She entered into an early marriage of convenience with Charles Louis Constant d'Agoult, Comte d'Agoult (1790–1875) on 16 May 1827, thereby becoming the Comtesse d'Agoult. They had two daughters, Louise (1828–1834) and Claire (1830–1912). Marie never divorced the count, even though she had left him for Franz Liszt.

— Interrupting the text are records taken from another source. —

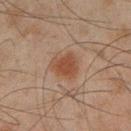Assessment:
Recorded during total-body skin imaging; not selected for excision or biopsy.
Image and clinical context:
From the left lower leg. About 3.5 mm across. Captured under cross-polarized illumination. A male patient in their mid-40s. A close-up tile cropped from a whole-body skin photograph, about 15 mm across. Automated image analysis of the tile measured about 8 CIELAB-L* units darker than the surrounding skin and a normalized lesion–skin contrast near 7.5.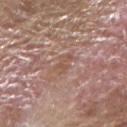Impression: No biopsy was performed on this lesion — it was imaged during a full skin examination and was not determined to be concerning. Context: A 15 mm crop from a total-body photograph taken for skin-cancer surveillance. The lesion is located on the right forearm. A male patient, about 65 years old. Captured under white-light illumination. The recorded lesion diameter is about 2.5 mm.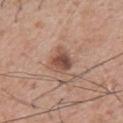Notes:
• follow-up: catalogued during a skin exam; not biopsied
• size: ~3.5 mm (longest diameter)
• location: the upper back
• imaging modality: ~15 mm crop, total-body skin-cancer survey
• patient: male, aged 63 to 67
• image-analysis metrics: a footprint of about 6 mm², an eccentricity of roughly 0.6, and a shape-asymmetry score of about 0.2 (0 = symmetric); a color-variation rating of about 5.5/10 and a peripheral color-asymmetry measure near 2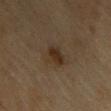Clinical summary:
A female patient approximately 60 years of age. An algorithmic analysis of the crop reported a footprint of about 5.5 mm², a shape eccentricity near 0.45, and a shape-asymmetry score of about 0.35 (0 = symmetric). And it measured a mean CIELAB color near L≈27 a*≈12 b*≈24, roughly 7 lightness units darker than nearby skin, and a normalized border contrast of about 8. The software also gave a border-irregularity index near 3/10, internal color variation of about 2.5 on a 0–10 scale, and peripheral color asymmetry of about 1. The analysis additionally found a classifier nevus-likeness of about 65/100 and lesion-presence confidence of about 100/100. A region of skin cropped from a whole-body photographic capture, roughly 15 mm wide. The lesion is on the front of the torso. Measured at roughly 2.5 mm in maximum diameter. Captured under cross-polarized illumination.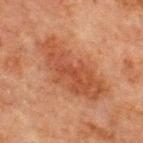Image and clinical context: The lesion is located on the chest. A male subject, aged around 65. Automated image analysis of the tile measured an area of roughly 26 mm², an outline eccentricity of about 0.9 (0 = round, 1 = elongated), and a shape-asymmetry score of about 0.3 (0 = symmetric). The analysis additionally found an average lesion color of about L≈41 a*≈23 b*≈30 (CIELAB) and a normalized lesion–skin contrast near 7. It also reported a border-irregularity rating of about 5/10 and radial color variation of about 1. The software also gave a detector confidence of about 100 out of 100 that the crop contains a lesion. Cropped from a whole-body photographic skin survey; the tile spans about 15 mm.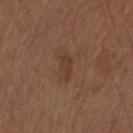Impression: Captured during whole-body skin photography for melanoma surveillance; the lesion was not biopsied. Clinical summary: This is a white-light tile. Cropped from a total-body skin-imaging series; the visible field is about 15 mm. Longest diameter approximately 3 mm. From the arm. Automated tile analysis of the lesion measured a lesion–skin lightness drop of about 6 and a lesion-to-skin contrast of about 5.5 (normalized; higher = more distinct). It also reported a border-irregularity rating of about 3/10 and a peripheral color-asymmetry measure near 0. The subject is a male about 75 years old.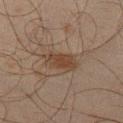| key | value |
|---|---|
| notes | catalogued during a skin exam; not biopsied |
| image | ~15 mm tile from a whole-body skin photo |
| automated lesion analysis | an outline eccentricity of about 0.85 (0 = round, 1 = elongated) and a symmetry-axis asymmetry near 0.2; an average lesion color of about L≈34 a*≈14 b*≈23 (CIELAB), a lesion–skin lightness drop of about 7, and a lesion-to-skin contrast of about 7.5 (normalized; higher = more distinct); a border-irregularity rating of about 3/10; a nevus-likeness score of about 35/100 and a lesion-detection confidence of about 100/100 |
| anatomic site | the leg |
| subject | male, aged approximately 45 |
| lighting | cross-polarized |
| lesion diameter | about 4.5 mm |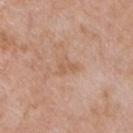Impression: The lesion was photographed on a routine skin check and not biopsied; there is no pathology result. Clinical summary: From the chest. A 15 mm close-up extracted from a 3D total-body photography capture. This is a white-light tile. Approximately 2.5 mm at its widest. The total-body-photography lesion software estimated an area of roughly 3 mm², an outline eccentricity of about 0.8 (0 = round, 1 = elongated), and a shape-asymmetry score of about 0.45 (0 = symmetric). The analysis additionally found about 6 CIELAB-L* units darker than the surrounding skin and a lesion-to-skin contrast of about 5 (normalized; higher = more distinct). The analysis additionally found a color-variation rating of about 1/10 and a peripheral color-asymmetry measure near 0.5. The software also gave an automated nevus-likeness rating near 0 out of 100. The subject is a male aged approximately 50.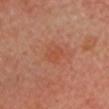biopsy_status: not biopsied; imaged during a skin examination
automated_metrics:
  area_mm2_approx: 4.5
  eccentricity: 0.65
  shape_asymmetry: 0.25
  cielab_L: 51
  cielab_a: 29
  cielab_b: 35
  vs_skin_darker_L: 5.0
  vs_skin_contrast_norm: 4.5
image:
  source: total-body photography crop
  field_of_view_mm: 15
site: chest
lesion_size:
  long_diameter_mm_approx: 2.5
lighting: cross-polarized
patient:
  sex: female
  age_approx: 55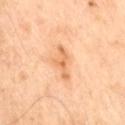Impression: Imaged during a routine full-body skin examination; the lesion was not biopsied and no histopathology is available. Acquisition and patient details: A region of skin cropped from a whole-body photographic capture, roughly 15 mm wide. The subject is a male aged around 70. Longest diameter approximately 4 mm. On the right thigh. The tile uses cross-polarized illumination.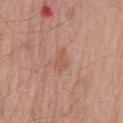notes=no biopsy performed (imaged during a skin exam)
imaging modality=15 mm crop, total-body photography
subject=male, approximately 70 years of age
body site=the mid back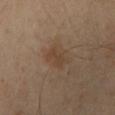{
  "patient": {
    "sex": "male",
    "age_approx": 60
  },
  "lesion_size": {
    "long_diameter_mm_approx": 3.0
  },
  "image": {
    "source": "total-body photography crop",
    "field_of_view_mm": 15
  },
  "site": "chest",
  "lighting": "cross-polarized"
}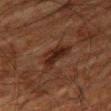Case summary:
- follow-up · total-body-photography surveillance lesion; no biopsy
- location · the right thigh
- patient · male, aged 78–82
- illumination · cross-polarized illumination
- image source · ~15 mm crop, total-body skin-cancer survey
- diameter · ~4.5 mm (longest diameter)
- automated metrics · an area of roughly 8 mm² and a shape-asymmetry score of about 0.4 (0 = symmetric); a color-variation rating of about 3.5/10 and radial color variation of about 1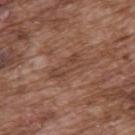The lesion was photographed on a routine skin check and not biopsied; there is no pathology result. A lesion tile, about 15 mm wide, cut from a 3D total-body photograph. Captured under white-light illumination. Measured at roughly 4 mm in maximum diameter. The lesion is on the upper back. Automated image analysis of the tile measured an area of roughly 6 mm², an eccentricity of roughly 0.9, and a symmetry-axis asymmetry near 0.35. And it measured a lesion color around L≈43 a*≈20 b*≈27 in CIELAB. It also reported a border-irregularity rating of about 4.5/10, a color-variation rating of about 2.5/10, and peripheral color asymmetry of about 0.5. The analysis additionally found an automated nevus-likeness rating near 0 out of 100 and a detector confidence of about 100 out of 100 that the crop contains a lesion. The patient is a male about 75 years old.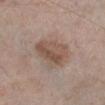No biopsy was performed on this lesion — it was imaged during a full skin examination and was not determined to be concerning. The tile uses white-light illumination. Cropped from a whole-body photographic skin survey; the tile spans about 15 mm. Approximately 5 mm at its widest. On the right lower leg. A male patient, approximately 60 years of age.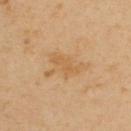automated_metrics:
  area_mm2_approx: 4.5
  eccentricity: 0.9
  vs_skin_darker_L: 6.0
  vs_skin_contrast_norm: 5.0
  border_irregularity_0_10: 5.5
  color_variation_0_10: 1.0
  peripheral_color_asymmetry: 0.0
image:
  source: total-body photography crop
  field_of_view_mm: 15
site: upper back
patient:
  sex: male
  age_approx: 55
lesion_size:
  long_diameter_mm_approx: 4.0
lighting: cross-polarized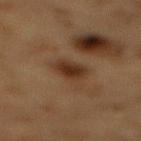Clinical impression: Part of a total-body skin-imaging series; this lesion was reviewed on a skin check and was not flagged for biopsy. Context: A male subject, in their mid- to late 80s or older. The lesion is on the back. Automated tile analysis of the lesion measured a mean CIELAB color near L≈28 a*≈16 b*≈26, roughly 9 lightness units darker than nearby skin, and a normalized border contrast of about 9.5. Measured at roughly 3.5 mm in maximum diameter. A 15 mm crop from a total-body photograph taken for skin-cancer surveillance. Imaged with cross-polarized lighting.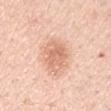Notes:
* biopsy status — catalogued during a skin exam; not biopsied
* image — ~15 mm crop, total-body skin-cancer survey
* subject — male, aged 63–67
* size — about 5 mm
* lighting — white-light
* anatomic site — the arm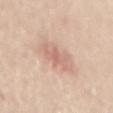| key | value |
|---|---|
| notes | no biopsy performed (imaged during a skin exam) |
| location | the lower back |
| acquisition | ~15 mm crop, total-body skin-cancer survey |
| automated lesion analysis | a footprint of about 7.5 mm², a shape eccentricity near 0.25, and two-axis asymmetry of about 0.3; a border-irregularity rating of about 5.5/10 and a within-lesion color-variation index near 2.5/10; a nevus-likeness score of about 5/100 and a detector confidence of about 100 out of 100 that the crop contains a lesion |
| diameter | ≈3.5 mm |
| patient | male, aged around 65 |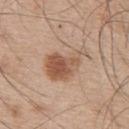Clinical summary:
The lesion is on the upper back. A male subject, roughly 55 years of age. A 15 mm close-up extracted from a 3D total-body photography capture.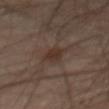Part of a total-body skin-imaging series; this lesion was reviewed on a skin check and was not flagged for biopsy.
From the abdomen.
A close-up tile cropped from a whole-body skin photograph, about 15 mm across.
The tile uses cross-polarized illumination.
A male subject, in their mid-60s.
Automated tile analysis of the lesion measured a footprint of about 6 mm², a shape eccentricity near 0.8, and a symmetry-axis asymmetry near 0.3.
About 3.5 mm across.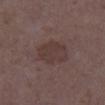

From 1835 to 1839, she lived with composer and virtuoso pianist Franz Liszt, who was six years younger, and was then a rising concert star. She became close to Liszt's circle of friends, including Frédéric Chopin (despite the hatred between her and Chopin’s partner George Sand), who dedicated his 12 Études, Op. 25 to her (his earlier set of 12 Études, Op. 10 had been dedicated to Liszt). Liszt's "Die Lorelei", one of his very first pieces, based on text by Heinrich Heine, was also dedicated to her.
From summer 1837 until autumn 1839 they travelled to Italy and Switzerland, staying successively in Bellagio, Milan, Venice, Lugano, Modena, Florence, Bologna and Rome. It was these travels that inspired the composer to write his cycle of piano collections entitled Années de pèlerinage.[3][4]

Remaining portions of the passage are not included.